What to produce: Print the data exactly. Pictures stay out.

[Provided information]

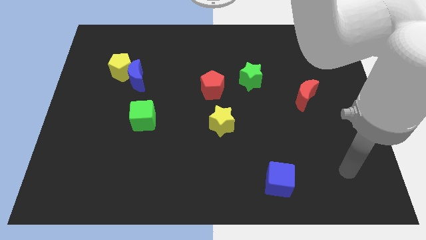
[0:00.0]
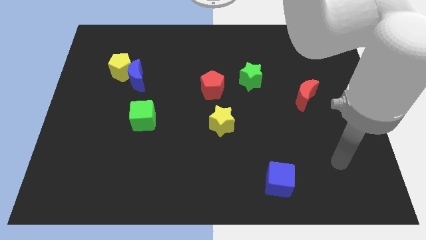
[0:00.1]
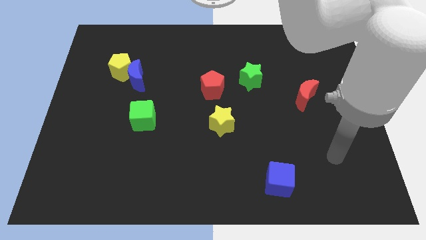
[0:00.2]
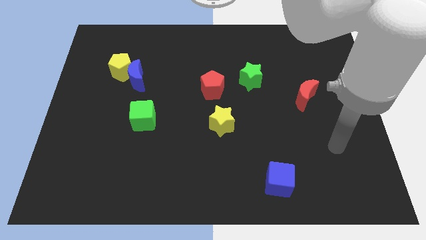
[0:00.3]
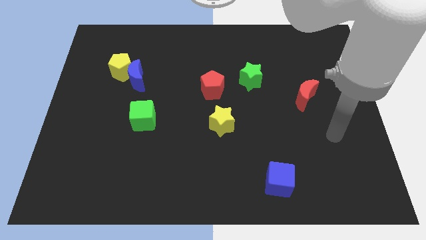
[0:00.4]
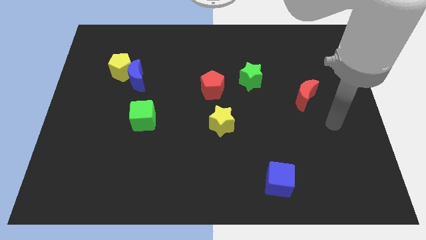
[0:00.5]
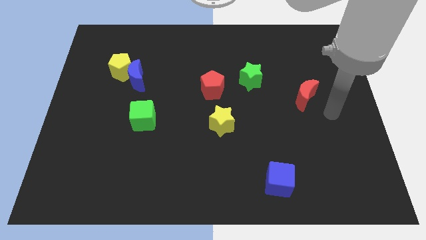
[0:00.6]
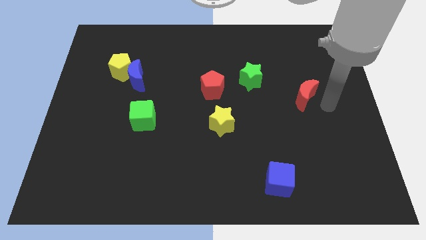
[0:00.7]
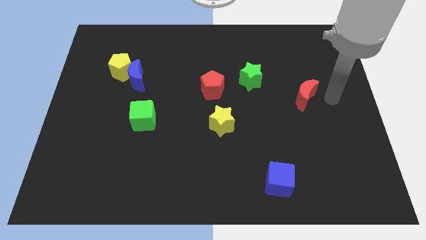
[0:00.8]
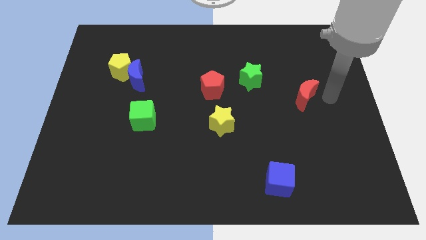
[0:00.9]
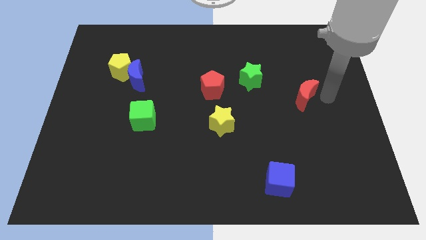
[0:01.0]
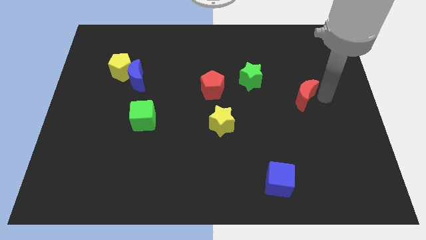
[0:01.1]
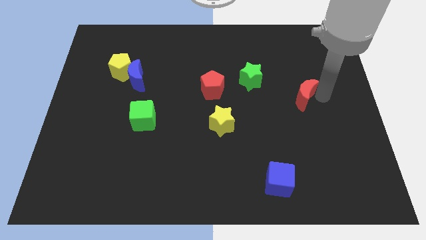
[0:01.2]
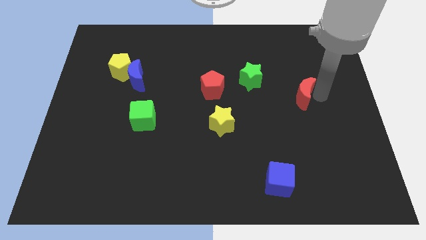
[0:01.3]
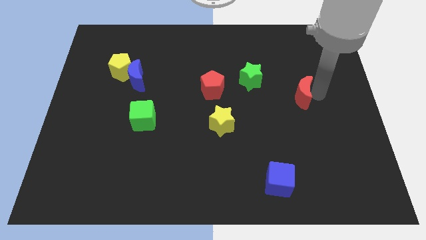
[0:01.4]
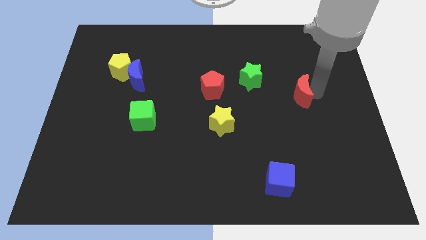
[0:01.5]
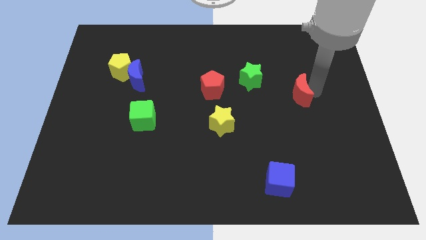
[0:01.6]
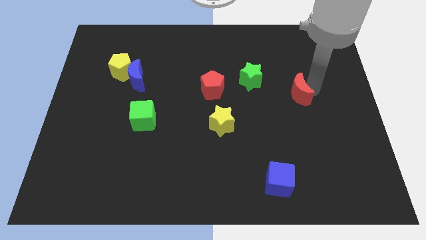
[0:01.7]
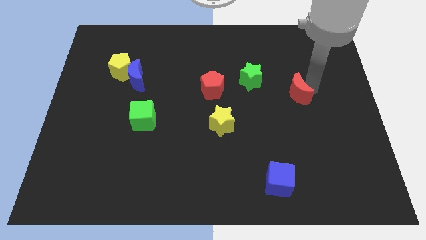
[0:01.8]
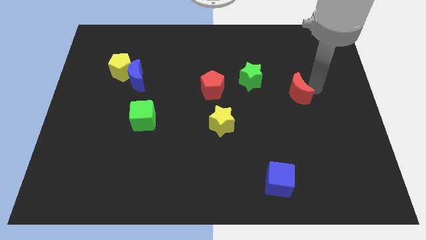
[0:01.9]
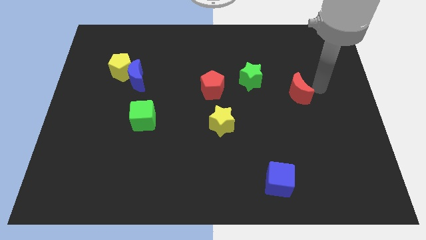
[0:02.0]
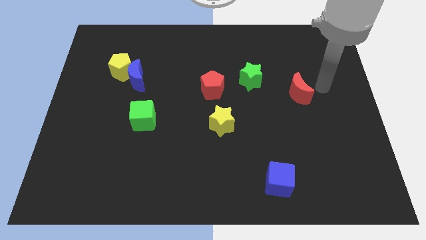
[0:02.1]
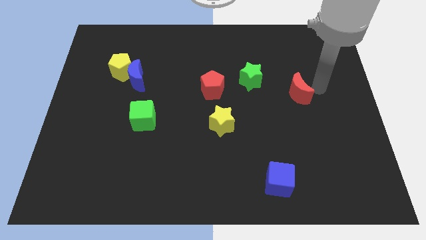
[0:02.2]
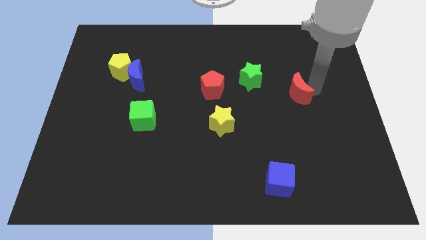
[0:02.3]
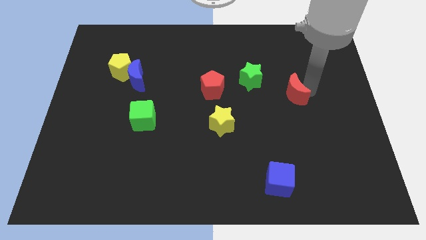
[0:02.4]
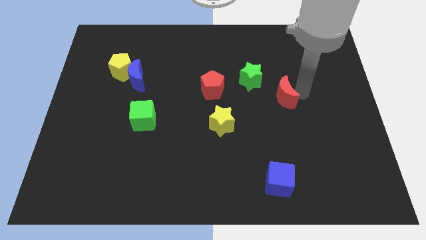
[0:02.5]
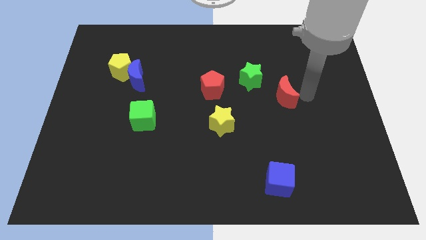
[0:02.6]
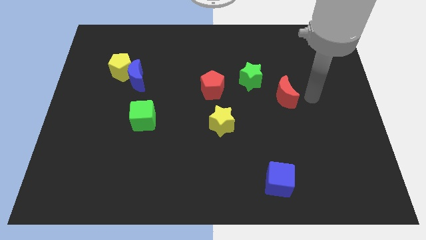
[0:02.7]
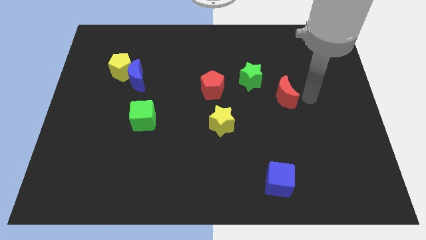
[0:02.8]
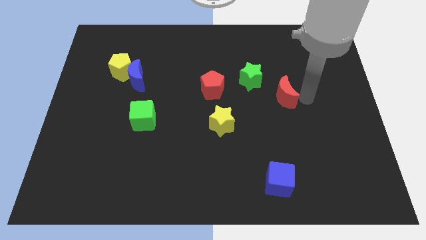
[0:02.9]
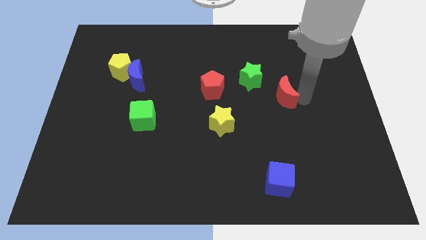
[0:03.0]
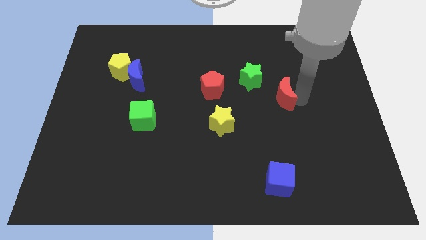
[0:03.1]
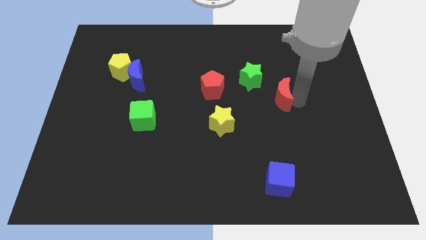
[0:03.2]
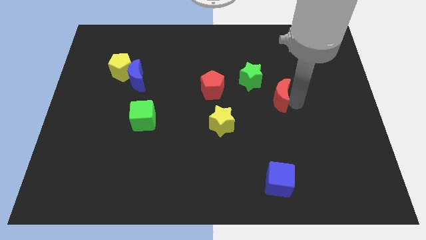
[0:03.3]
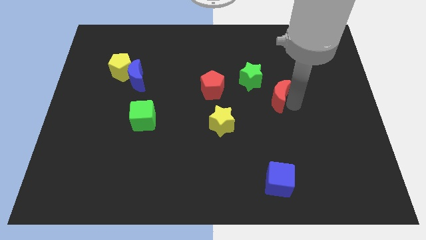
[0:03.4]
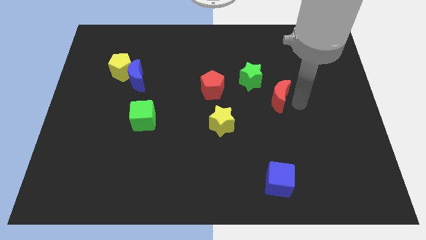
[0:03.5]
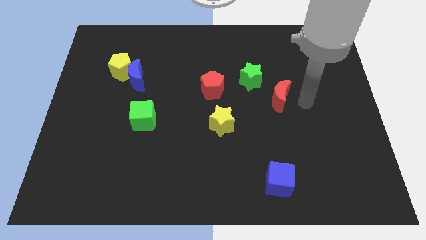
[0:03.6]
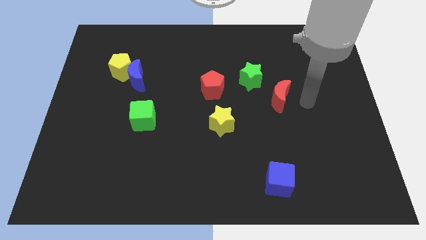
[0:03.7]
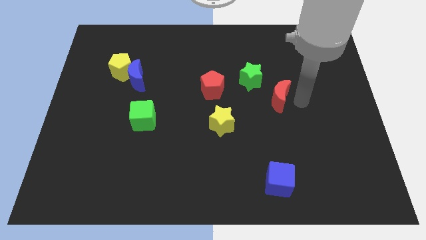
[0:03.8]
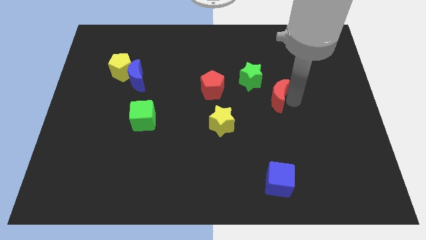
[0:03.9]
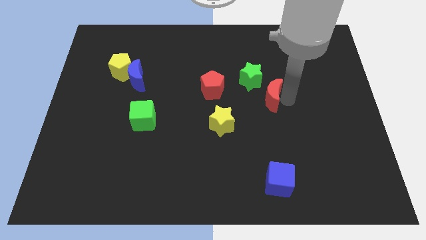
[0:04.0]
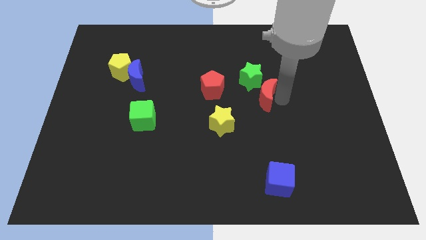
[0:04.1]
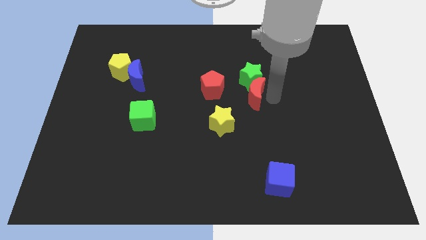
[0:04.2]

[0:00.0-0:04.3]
put the red moon to the bottom left side of the green star

[/Provided information]

Solution:
[0:00.0]
[0:00.1]
[0:00.2]
[0:00.3]
[0:00.4]
[0:00.5]
[0:00.6]
[0:00.7]
[0:00.8]
[0:00.9]
[0:01.0]
[0:01.1]
[0:01.2]
[0:01.3]
[0:01.4]
[0:01.5]
[0:01.6]
[0:01.7]
[0:01.8]
[0:01.9]
[0:02.0]
[0:02.1]
[0:02.2]
[0:02.3]
[0:02.4]
[0:02.5]
[0:02.6]
[0:02.7]
[0:02.8]
[0:02.9]
[0:03.0]
[0:03.1]
[0:03.2]
[0:03.3]
[0:03.4]
[0:03.5]
[0:03.6]
[0:03.7]
[0:03.8]
[0:03.9]
[0:04.0]
[0:04.1]
[0:04.2]

[0:00.0-0:04.3]
put the red moon to the bottom left side of the green star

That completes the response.